GROUND COVER AND ARTIFICIAL SHELTER Plants in the enclosure provide shelter, protection and shade for the birds at all times of the year. Grass must be plentiful for the grazers, such as Wigeon and geese. Grass should be mown before it becomes too tall and rank, although clumps of tall grass and reeds are useful. Shade is essential in hot weather, either from plants or from artificial shelters. In bitter weather birds need protection from the wind. Hurdles or windbreak netting on the windward perimeter fence and at exposed spots in the enclosure will significantly reduce the wind chill factor.

NEST BOXES AND NESTING SITES As the suggested collection contains different species, you will need to provide a range of nest boxes and nesting sites. In Spring the females will disappear, following courtship displays and mating activity. The drakes may or may not be much in evidence during the day. The Mandarin drake can often be seen standing guard near his mate. Ganders become very protective when their geese are sitting on eggs. Avoid all possible disturbance during this time. If a nest box appears to be permanently unattractive to your birds, try resiting it, maybe facing in a different direction.

NESTING TIMES AND REQUIREMENTS. European Pochard nest in April and May, Tufted ducks in May and June. Both prefer close cover – a low box or a raft. Northern Pintail nest in April and May and European Wigeon from the end of April through to June. In the wild they mainly nest in hollow trees near water. Simulate this with a box raised up on stilts above the water level. The box should be quite deep but remember to provide an access ramp outside and toe-holes inside to enable the birds to climb up to the exit hole. Mandarins like to roost on a branch overhanging the water. Barnacle and Pink-footed Geese nest from April to June, White-fronted Geese nest in May and June. It is believed that the hours of daylight and local weather conditions affect breeding times. Geese nest on the ground. Some pairs may choose to nest in plant cover or in small shelters. Put leaf mould or peat in the boxes to provide humidity. The birds will find everything else they need. Hay and straw are not recommended, as they tend to go mouldy and can be the cause of Aspergillosis infection of the lungs.

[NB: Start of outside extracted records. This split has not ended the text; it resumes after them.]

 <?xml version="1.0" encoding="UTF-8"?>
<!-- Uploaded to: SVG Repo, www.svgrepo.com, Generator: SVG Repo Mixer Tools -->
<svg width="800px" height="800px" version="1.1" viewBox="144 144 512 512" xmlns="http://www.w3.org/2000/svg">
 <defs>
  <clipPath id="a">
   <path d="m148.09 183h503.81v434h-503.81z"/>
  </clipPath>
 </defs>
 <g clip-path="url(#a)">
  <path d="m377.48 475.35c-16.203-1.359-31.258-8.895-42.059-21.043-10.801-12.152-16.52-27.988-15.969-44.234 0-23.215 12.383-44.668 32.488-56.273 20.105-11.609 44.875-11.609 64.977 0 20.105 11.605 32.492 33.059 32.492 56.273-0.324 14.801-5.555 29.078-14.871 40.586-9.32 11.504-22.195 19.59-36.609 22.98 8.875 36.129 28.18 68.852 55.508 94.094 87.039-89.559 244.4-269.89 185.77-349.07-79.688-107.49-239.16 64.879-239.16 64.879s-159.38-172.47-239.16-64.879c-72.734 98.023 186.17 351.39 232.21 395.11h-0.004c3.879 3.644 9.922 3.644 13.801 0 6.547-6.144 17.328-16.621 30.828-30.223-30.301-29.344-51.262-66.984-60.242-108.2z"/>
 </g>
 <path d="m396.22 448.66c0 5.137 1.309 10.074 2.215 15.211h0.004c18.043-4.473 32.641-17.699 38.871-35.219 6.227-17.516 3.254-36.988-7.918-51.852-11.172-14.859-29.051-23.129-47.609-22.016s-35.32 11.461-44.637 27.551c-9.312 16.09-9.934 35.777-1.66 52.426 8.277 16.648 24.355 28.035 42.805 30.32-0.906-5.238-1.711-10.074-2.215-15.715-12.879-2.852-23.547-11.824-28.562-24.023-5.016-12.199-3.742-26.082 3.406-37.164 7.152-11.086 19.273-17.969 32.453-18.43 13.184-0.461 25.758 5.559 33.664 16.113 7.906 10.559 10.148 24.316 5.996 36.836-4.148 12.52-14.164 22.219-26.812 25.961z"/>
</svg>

FEEDING For such a collection of wildfowl the following feeding regime of equal amounts of wheat and layers pellets has proved successful. Breeder pellets are recommended during the breeding season. The pellets should be small to suit the smaller ducks. Feed your birds twice a day, at regular times. Give pellets in the morning, in several shallow bowls well-spaced apart so that all birds get their share. Allow a handful per bird at each feed. Feed wheat in the afternoon, distributed in shallow bowls of water. Pheasant type self-feed hoppers containing wheat also work well. The smaller birds quickly learn to jump up to loosen the grain or stand around and pick up grain which falls when the larger birds are feeding. Sand or mixed grit should always be available for digestive purposes. The birds may need extra food in cold weather when wholemeal bread is a welcome addition. Waterfowl also need extra food when they are moulting, which occurs at the end of nesting. This is a very stressful time for the birds, and they tend to hide and skulk in cover. The drakes of the northern hemisphere species show an “eclipse plumage” resembling that of the duck, so that they are less visible. This is essential for their survival in the wild as they are temporarily flightless. When introducing new stock, the birds should be watched carefully to check that they are getting their fair share of food. This information is only a brief introduction and the successful husbandry of all livestock depends on being well informed about them.